Integrated deep learning and image processing method for modeling energy loss due to shadows in solar arrays

Abstract

Shading poses a serious challenge to photovoltaic (PV) systems power generation, causing energy losses of up to 40 %, leading to power mismatches, hotspot formation, and accelerated module degradation. Accurate modelling and simulation of shading are critical for improving photovoltaic (PV) performance. This study develops two shadow‑detection pipelines: (i) the Classic Hough Transform (CHT) combined with K‑means segmentation and (ii) a new Deep Hough Transform (DHT) that learns semantic line features without the need for PV‑specific training data. A 1-kilowatt capacity solar array with planned shading devices was developed and used to perform the experimental analysis. The proposed methodology achieved an accuracy of 0.85, indicating a 32.81 % improvement in solar array detection compared to CHT methods. Computed energy losses due to shading were within 0.5 % to 1.9 % of System Advisor Model (SAM’s) simulated losses. Evaluation with transient shadows from a pedestrian, vehicle, and cloud showed an average mIoU of 81.8 % highlighting the methods advantage over existing 3D modeling-based simulation software.

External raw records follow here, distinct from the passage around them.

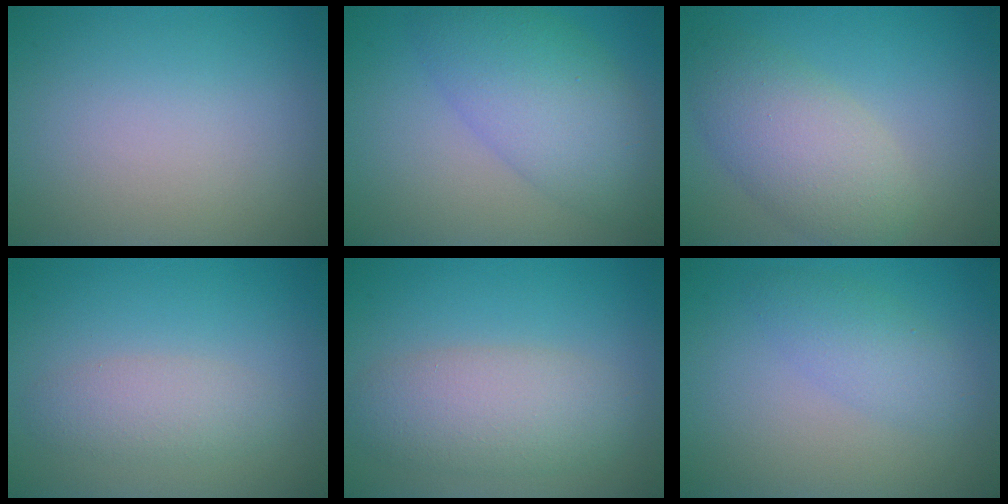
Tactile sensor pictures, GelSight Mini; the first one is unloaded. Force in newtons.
{"total": 4.8, "press": 4.8, "slide": 0.2}
{"total": 5.4, "press": 5.4, "slide": 0.2}
{"total": 2.6, "press": 2.6, "slide": 0.2}
{"total": 5.0, "press": 5.0, "slide": 0.3}
{"total": 2.5, "press": 2.5, "slide": 0.1}
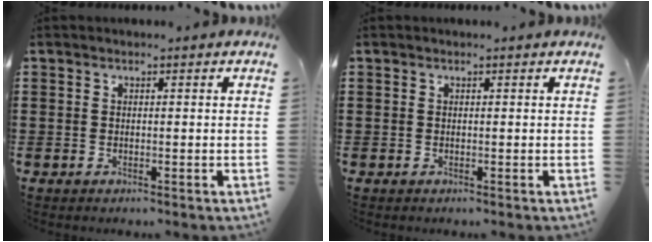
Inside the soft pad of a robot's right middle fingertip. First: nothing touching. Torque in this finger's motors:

Statistical analysis confirmed the method’s consistency, yielding Dice = 0.857 (95 % CI 0.728–0.943) and mIoU = 0.771 (CI 0.595–0.893). The parametric analysis highlighted the time of day and number of obstructions as key factors influencing shading on solar arrays, with mornings and evenings experiencing over 6 % shading loss variations. Overall, this integrated approach develops robust, real-time modelling and simulation for optimizing large solar energy systems.